The plaintiffs, who are qualified electors and patrons of Perryville School District No. 7, and also qualified electors and patrons of what was formerly Cherry Hill School District No. 21, filed suit against the Directors and Superintendent of the Perryville School District to require them to continue to operate the ward school at Cherry Hill, and in the alternative, asking that the order of the County Board of Education dissolving the Cherry Hill District and annexing said District to the Perryville District be set aside, and the Cherry Hill District be restored as it was prior to the order of the County Board of Education.

The defendants demurred to the complaint on the ground that the complaint, as amended, did not state *199a cause of action. The Chancery Judge sustained the demurrer and dismissed the complaint. The plaintiffs bring this appeal alleging error by the trial court in sustaining the demurrer and dismissing the complaint.

The appellants urge that the agreement to operate the ward school at Cherry Hill was a condition to the annexation and that this agreement was made a part of the order of the County Board of Education when they dissolved the district. It is true that the agreement was made a part of the order of the County Board of Education. It is further true that ethics is on the side of appellants. Even so, our research reveals the cold letter of the law to be on the other side. This being so, we have no choice but to find contrary to appellants position. School District Directors can only enter into agreements which bind their districts and the inhabitants thereof by reason of express statutory authority. School District No. 18 of Jackson County v. Grubbs Special School District, 184 Ark. 863, 43 S. W. 2d 765. A person contracting with a Board of Education is presumed to know the limitations of its powers and can acquire no right by contract which said board is not clearly authorized to make. Rural Special School District No. 50 v. First National Bank, 173 Ark. 604, 292 S. W. 1012.

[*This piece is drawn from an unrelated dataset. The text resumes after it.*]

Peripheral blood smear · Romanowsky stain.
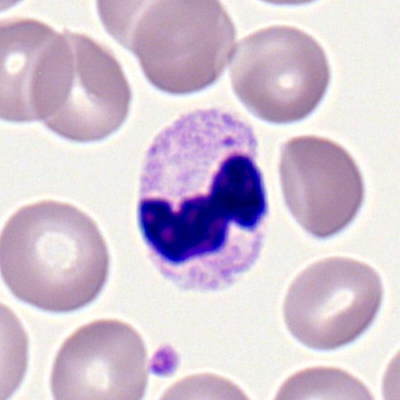 The cell type is neutrophil (segmented).

There is no statutory authority giving school directors the power to enter into contracts agreeing to maintain a school at a certain place indefinitely. The powers of school directors are conferred by law for public purposes, and the exercise thereof, involving as it does a matter of future policy properly subject to change to meet changing conditions, cannot be restricted by an agreement of the nature of the one here involved. To hold otherwise would create a school at Cherry Hill not subject to change by anyone as long as the condition is met.

Based upon this reasoning, appellants’ remaining contention that the action of the Perryville School Board is in the nature of a collateral attack on the order of annexation made by the County Board must also fail since the part of the order concerning the future opera*200tion of the Cherry Hill School was void because the School board possessed no authority to make the agreement.

Equity being bound to follow the law, we conclude that the decree of the Chancellor must be affirmed.